简体   繁体   English

从一个numpy距离数组中提取N个最接近的对

[英]extract the N closest pairs from a numpy distance array

I have a large, symmetric, 2D distance array. 我有一个大型的对称2D距离阵列。 I want to get closest N pairs of observations. 我想获得最接近的N对观测值。

The array is stored as a numpy condensed array, and has of the order of 100 million observations. 该数组存储为numpy压缩数组,并具有1亿个观测值。

Here's an example to get the 100 closest distances on a smaller array (~500k observations), but it's a lot slower than I would like. 这是一个在较小的数组上获得100个最近距离的示例(〜500k观测值),但是比我想要的要慢得多。

import numpy as np
import random
import sklearn.metrics.pairwise
import scipy.spatial.distance

N = 100
r = np.array([random.randrange(1, 1000) for _ in range(0, 1000)])
c = r[:, None]

dists = scipy.spatial.distance.pdist(c, 'cityblock')

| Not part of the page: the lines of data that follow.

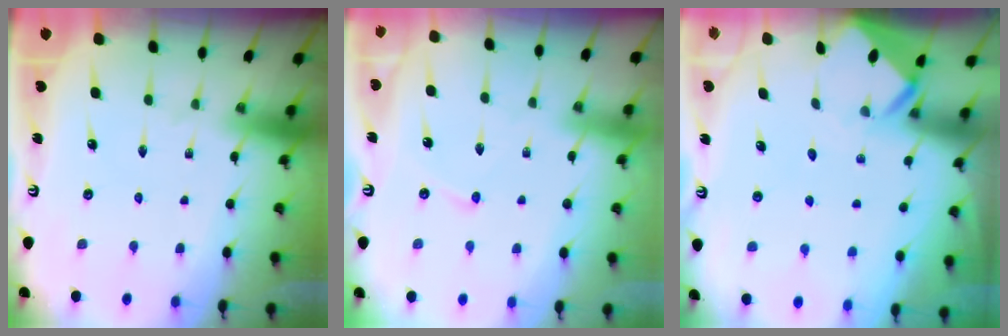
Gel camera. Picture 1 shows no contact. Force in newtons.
{"total": 2.9, "press": 2.9, "slide": 0.2}
{"total": 3.9, "press": 3.9, "slide": 0.3}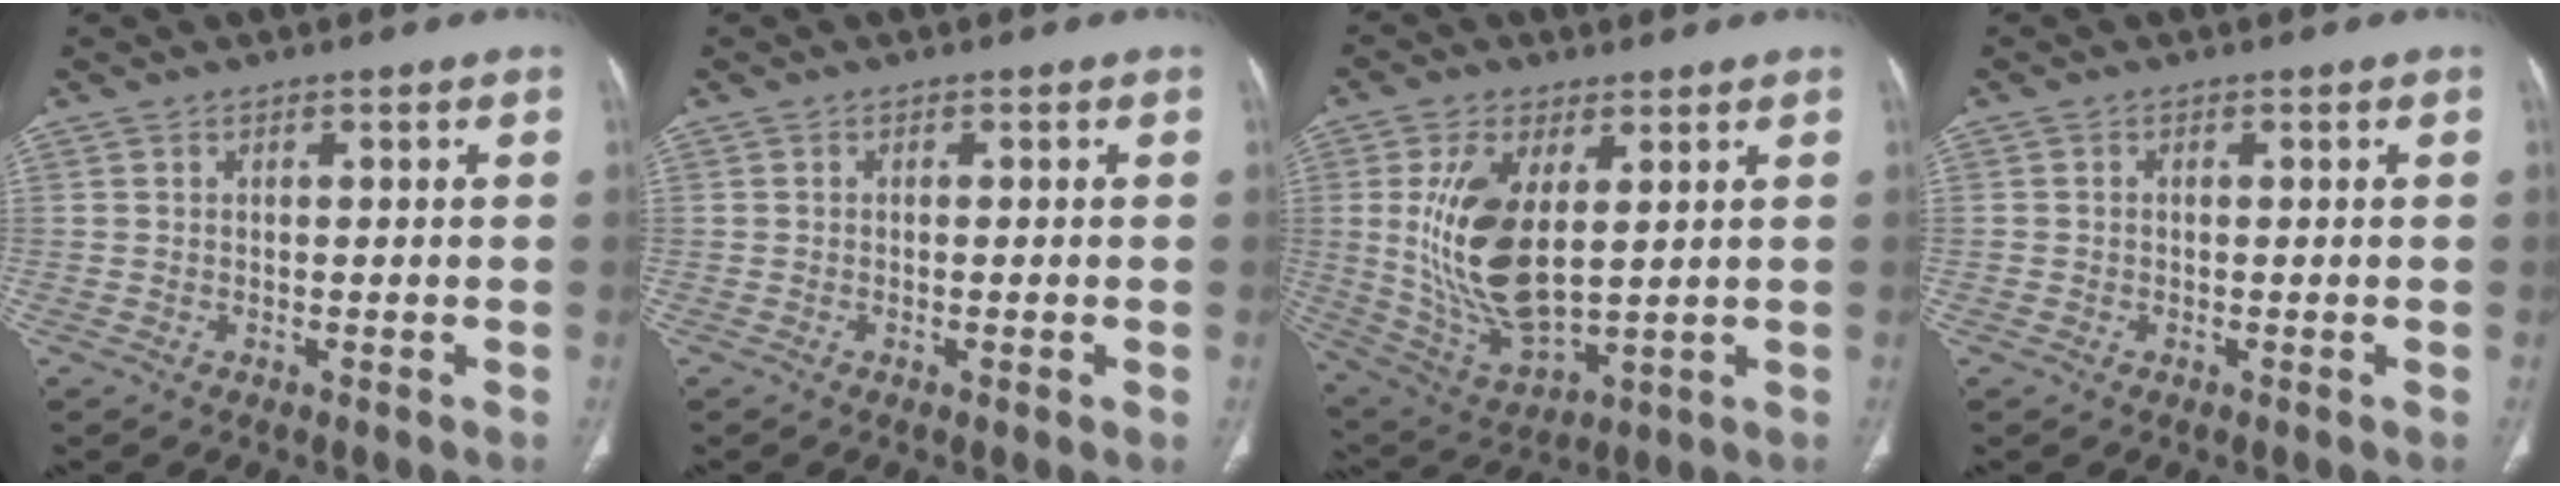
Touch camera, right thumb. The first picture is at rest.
{"total": 1.5, "force": [-0.3, 0.2, 1.4], "torque": [-0.027, -0.004, -0.005]}
{"total": 16.4, "force": [3.1, 8.1, 14.0], "torque": [-0.272, -0.022, 0.076]}
{"total": 0.5, "force": [-0.2, 0.5, 0.1], "torque": [0.001, 0.004, -0.004]}

# these are the indices of the closest N observations
closest = dists.argsort()[:N]

# but it's really slow to get out the pairs of observations
def condensed_to_square_index(n, c):
    # converts an index in a condensed array to the 
    # pair of observations it represents
    # modified from here: http://stackoverflow.com/questions/5323818/condensed-matrix-function-to-find-pairs
    ti = np.triu_indices(n, 1)
    return ti[0][c]+ 1, ti[1][c]+ 1

r = []
n = np.ceil(np.sqrt(2* len(dists)))
for i in closest:
    pair = condensed_to_square_index(n, i)
    r.append(pair)

It seems to me like there must be quicker ways to do this with standard numpy or scipy functions, but I'm stumped. 在我看来,必须使用标准的numpy或scipy函数来更快地执行此操作,但是我很困惑。

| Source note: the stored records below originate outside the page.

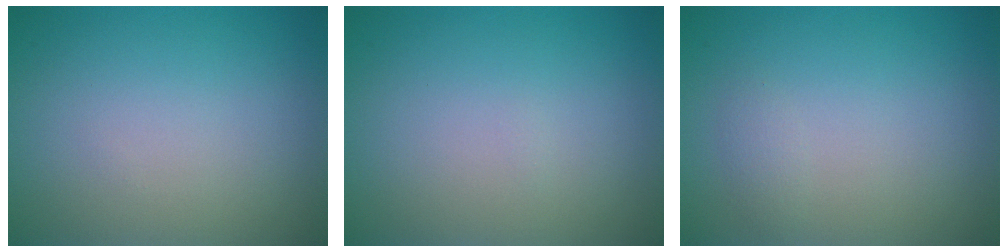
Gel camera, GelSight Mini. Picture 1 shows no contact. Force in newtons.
{"total": 0.0}
{"total": 0.7, "press": 0.7, "slide": 0.1}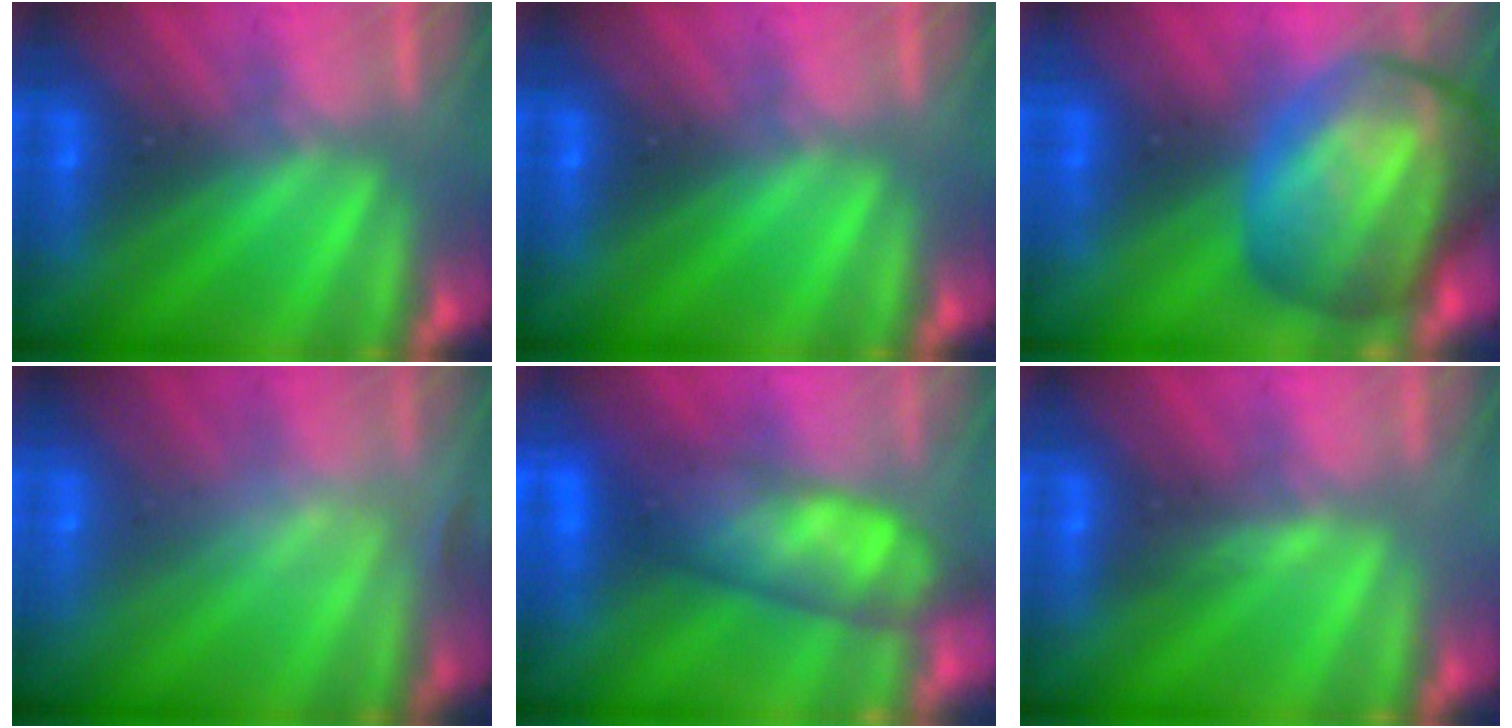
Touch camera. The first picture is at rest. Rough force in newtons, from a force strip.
{"total": 0.0}
{"total": 7.2}
{"total": 2.4}
{"total": 9.2}
{"total": 3.1}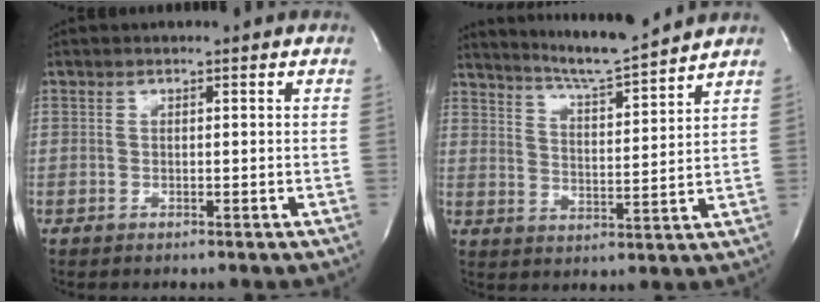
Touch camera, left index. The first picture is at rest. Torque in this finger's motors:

NB If lots of pairs are equidistant, that's OK and I don't care about their ordering in that case. 注意:如果许多对是等距的,那没关系,在这种情况下,我不在乎它们的顺序。

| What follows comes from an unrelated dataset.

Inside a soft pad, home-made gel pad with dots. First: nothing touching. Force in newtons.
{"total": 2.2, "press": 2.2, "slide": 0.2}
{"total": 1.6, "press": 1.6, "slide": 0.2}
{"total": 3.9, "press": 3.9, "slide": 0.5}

You don't need to calculate ti in each call to condensed_to_square_index . 您无需在每次对condensed_to_square_index调用中计算ti Here's a basic modification that calculates it only once: 这是仅计算一次的基本修改:

import numpy as np
import random
import sklearn.metrics.pairwise
import scipy.spatial.distance

N = 100
r = np.array([random.randrange(1, 1000) for _ in range(0, 1000)])
c = r[:, None]

dists = scipy.spatial.distance.pdist(c, 'cityblock')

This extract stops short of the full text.